Here, every layer has one problem, and the problem is $n/2^t$ . When we do a geometric summation from $0 → \log n$ , we get that

\sum_{i=0}^{\log n}\frac{n}{2^t} = 2n - 1

So it’s $T(n) = 2n - 1$ . Interesting!

And another different example

So we saw that $T(n) = 2T(n/2) + n$ behaves differently than $T(n) = T(n/2) + n$ . What about $T(n) = 4T(n/2) + n$ ?

Every layer has $4^t$ problems and $n/2^t$ steps per problem. this yields $2^t n$ problems per step. When we compute a summation, we get

n \sum_{i=0}^{\log n} 2^i = n (2^{\log (n +1)}-1) = n^2

Interesting!

The upshot

So what we’ve noticed here is that with three different constants in front of the recurrence relationship, we are able to get drastically different behavior. Can we unify this behavior under a general framework?

Master Theorem: generalizing the tree

Let’s define this:

T(n) = aT(\frac{n}{b}) + n^d, T(1) = C

Here, $C$ can be any constant. We recognize that the base case may not always be trivial, but it will not depend on $n$ . So, $C$ is used because it can be arbitrarily large. We are also using $n^d$ for the polynomial term. Bear in mind that we can use $O(n^d)$ , but this means that masters theorem won’t hold in big Theta. It will only hold with big O.

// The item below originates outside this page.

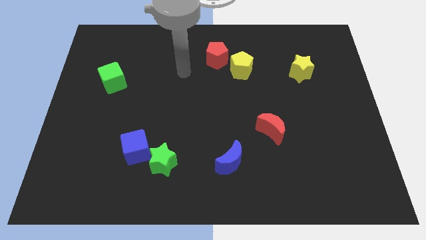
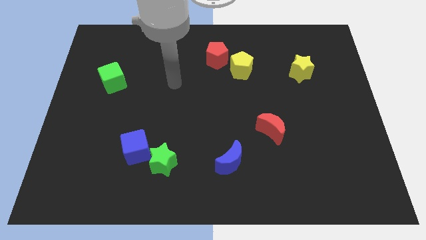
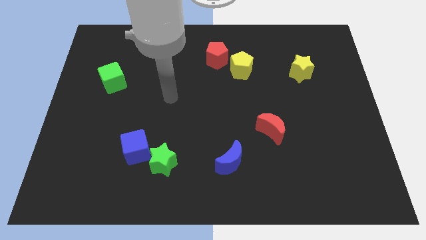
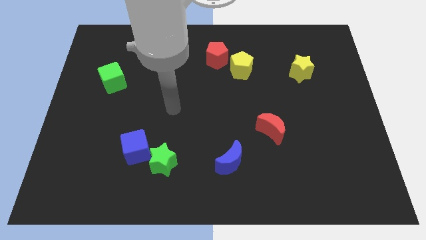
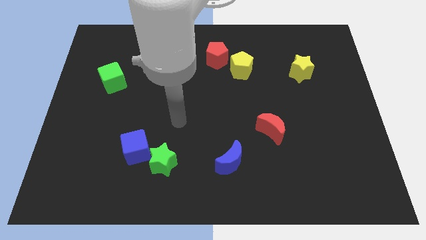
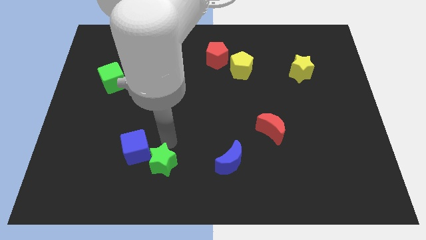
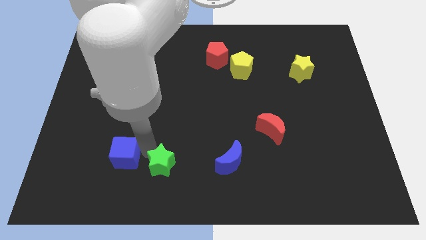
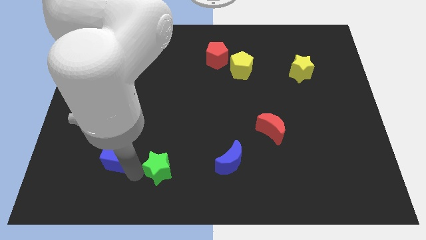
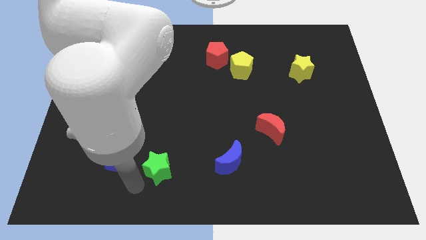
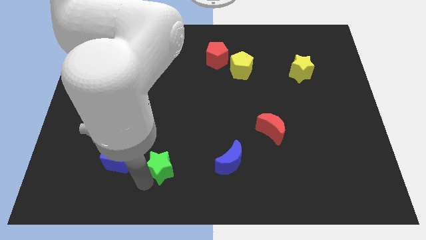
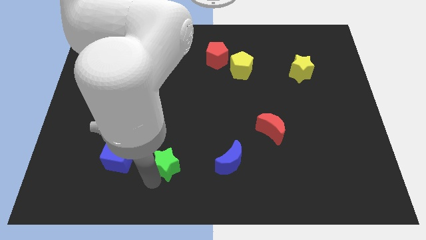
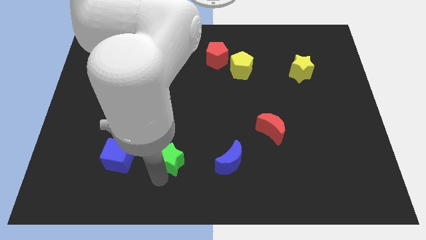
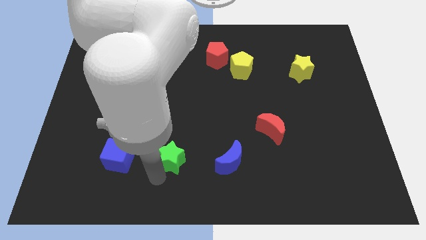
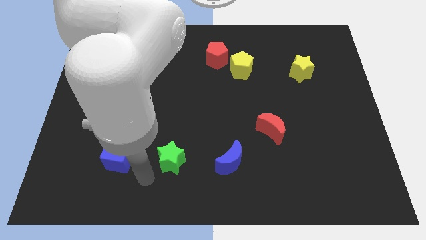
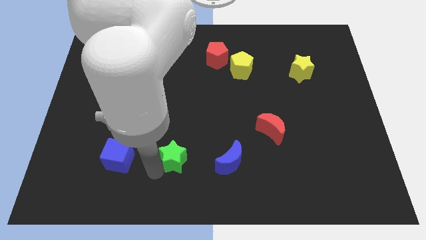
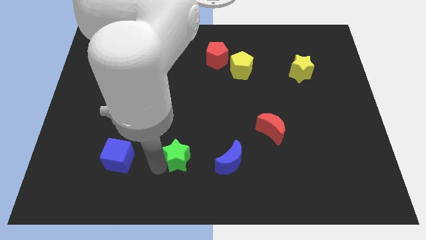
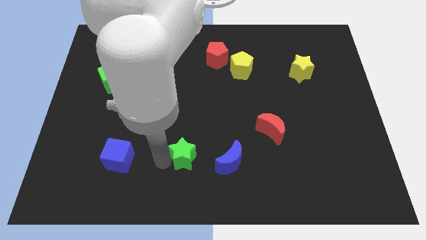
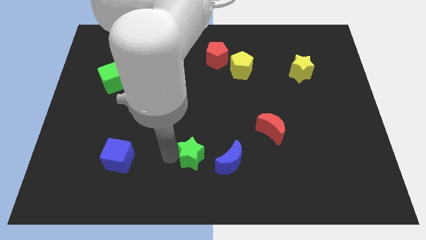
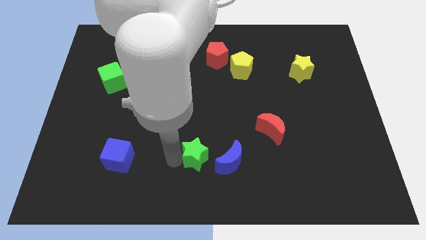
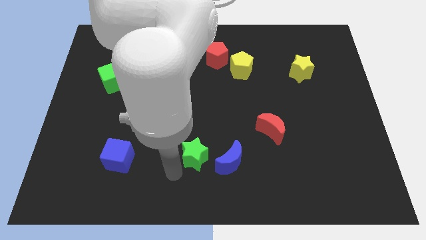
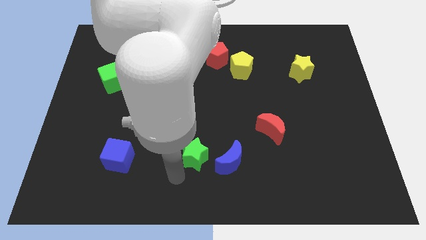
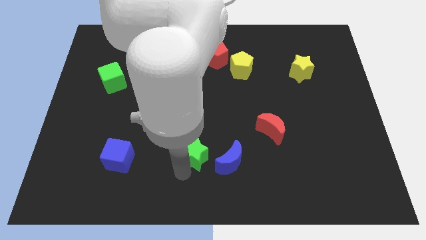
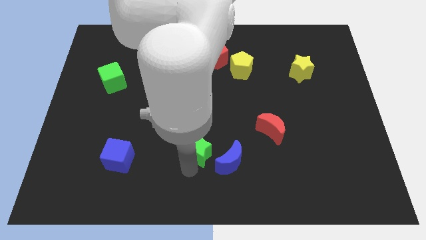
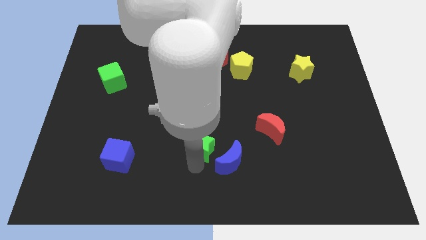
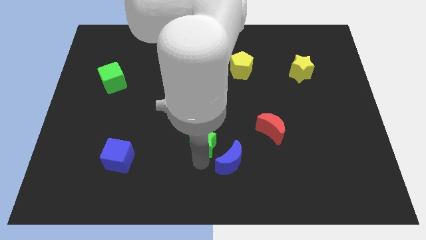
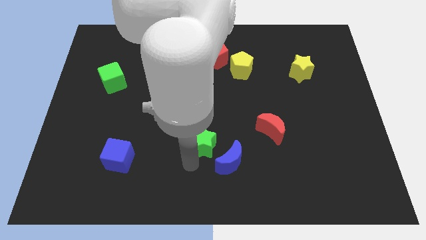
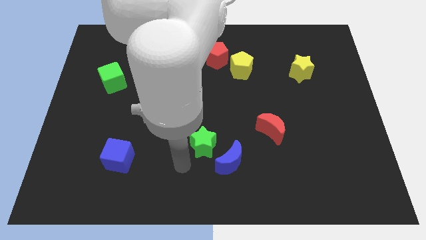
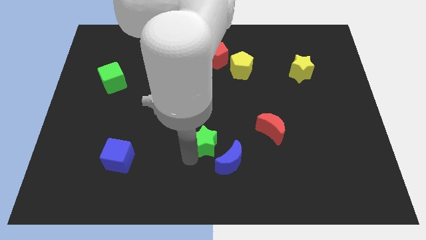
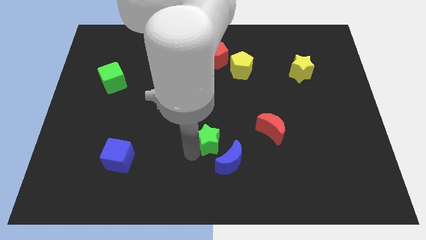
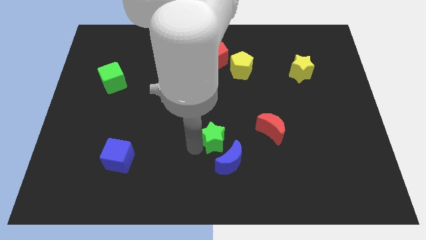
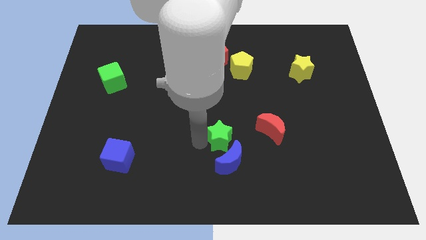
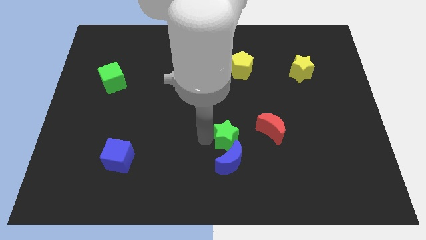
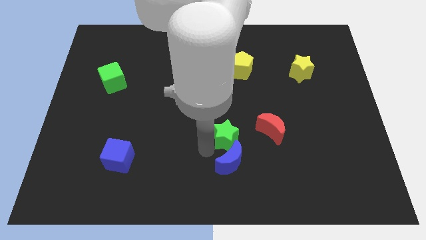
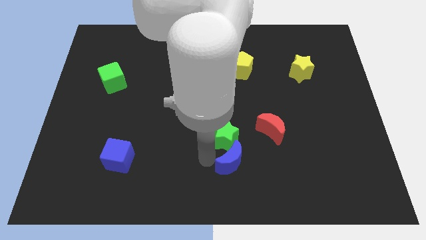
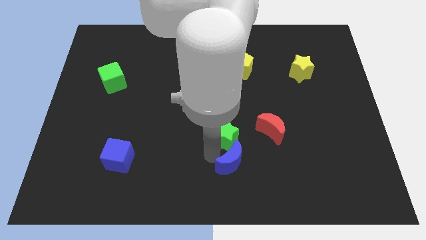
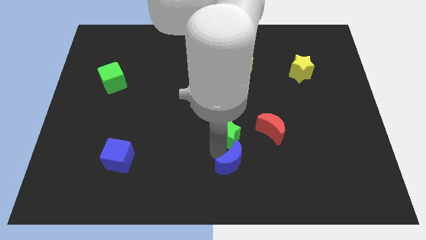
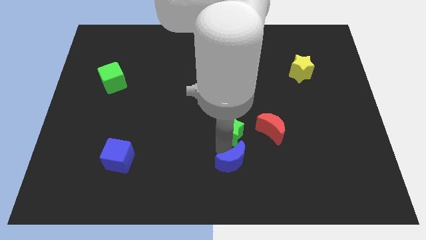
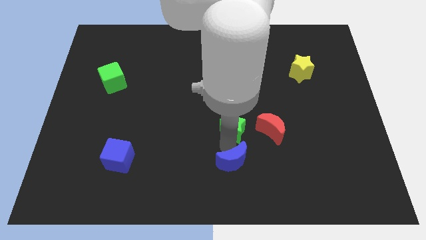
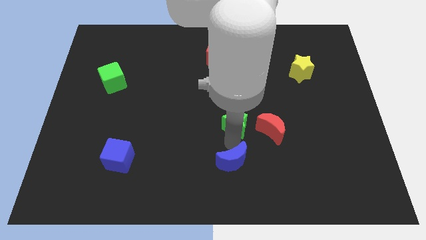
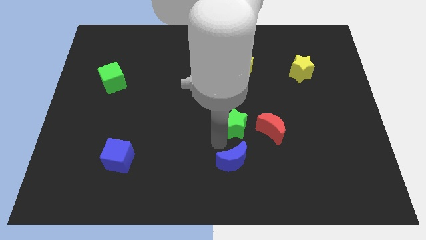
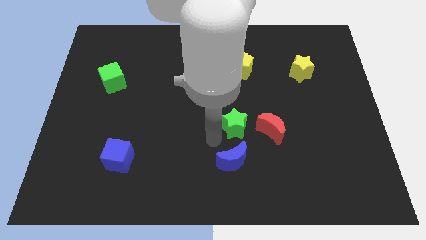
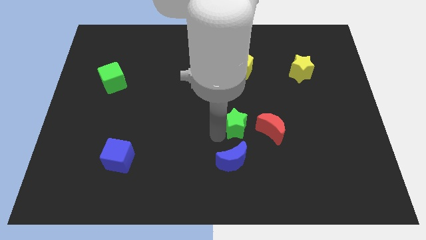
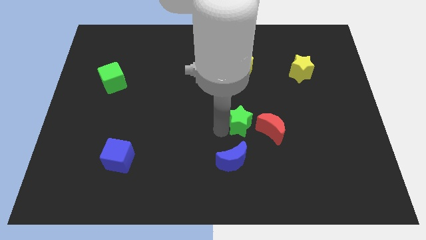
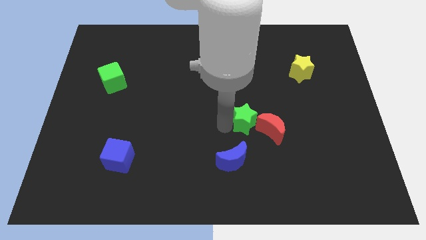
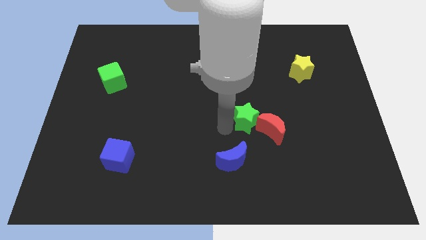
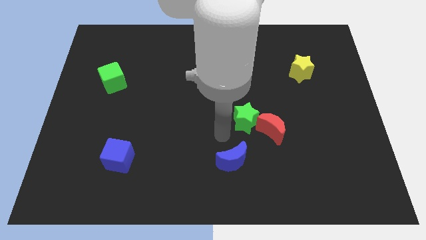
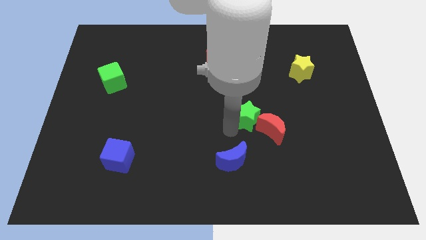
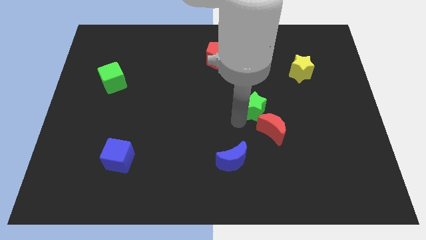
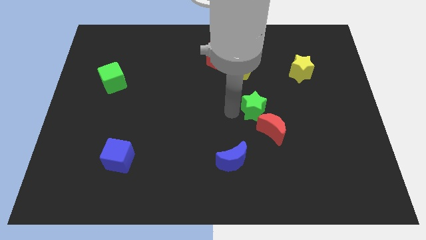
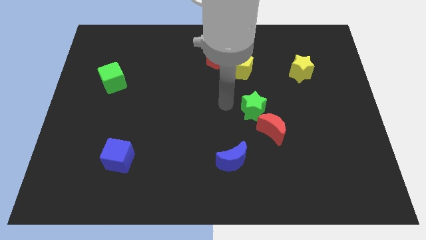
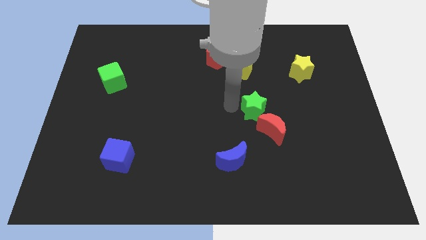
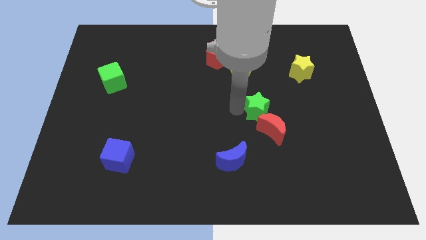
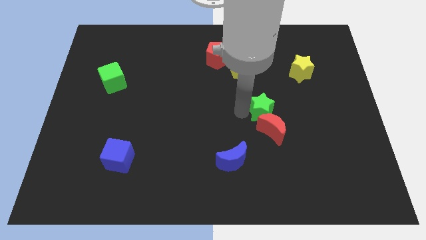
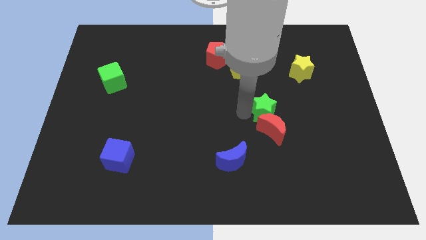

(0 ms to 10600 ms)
move the green star to the top right of the red moon

Do we have a general formula for this??

The derivation

At layer $t$ , we have $a^t$ problems, and the problems are of size $\frac{n}{b^t}$ . Each of these problems take $(\frac{n}{b^t})^d$ time to do. There are $\log_b(n)$ layers. Taken together, we have that the total runtime is

n^d \sum_{i = 0}^{\log_b(n)} \left(\frac{a}{b^d}\right)^t

There are three cases possible

Case 1: $a = b^d$

When $a = b^d$ , the summation becomes $\log_b(n)$ so the final coimpilexity is on the order of $\Theta(n^d \log n)$ . Note that we drop the base of the log because all logs are equivalent in big Theta

Case 2: $a < b^d$

When $a < b^d$ , it means that the summation is a geometric series. We can set a lower bound as the infinity sum

n^d \sum_{i = 0}^{\log_b(n)} \left(\frac{a}{b^d}\right)^t \leq n^d \sum_{i = 0}^{\infty} \left(\frac{a}{b^d}\right)^t = n^d\frac{1}{1 - \frac{a}{b^d}} = n^d\frac{b^d}{b^d - a}

And as you can see, it is $\Theta(n^d)$ because of this leading constant that doesn’t depend on $n$ .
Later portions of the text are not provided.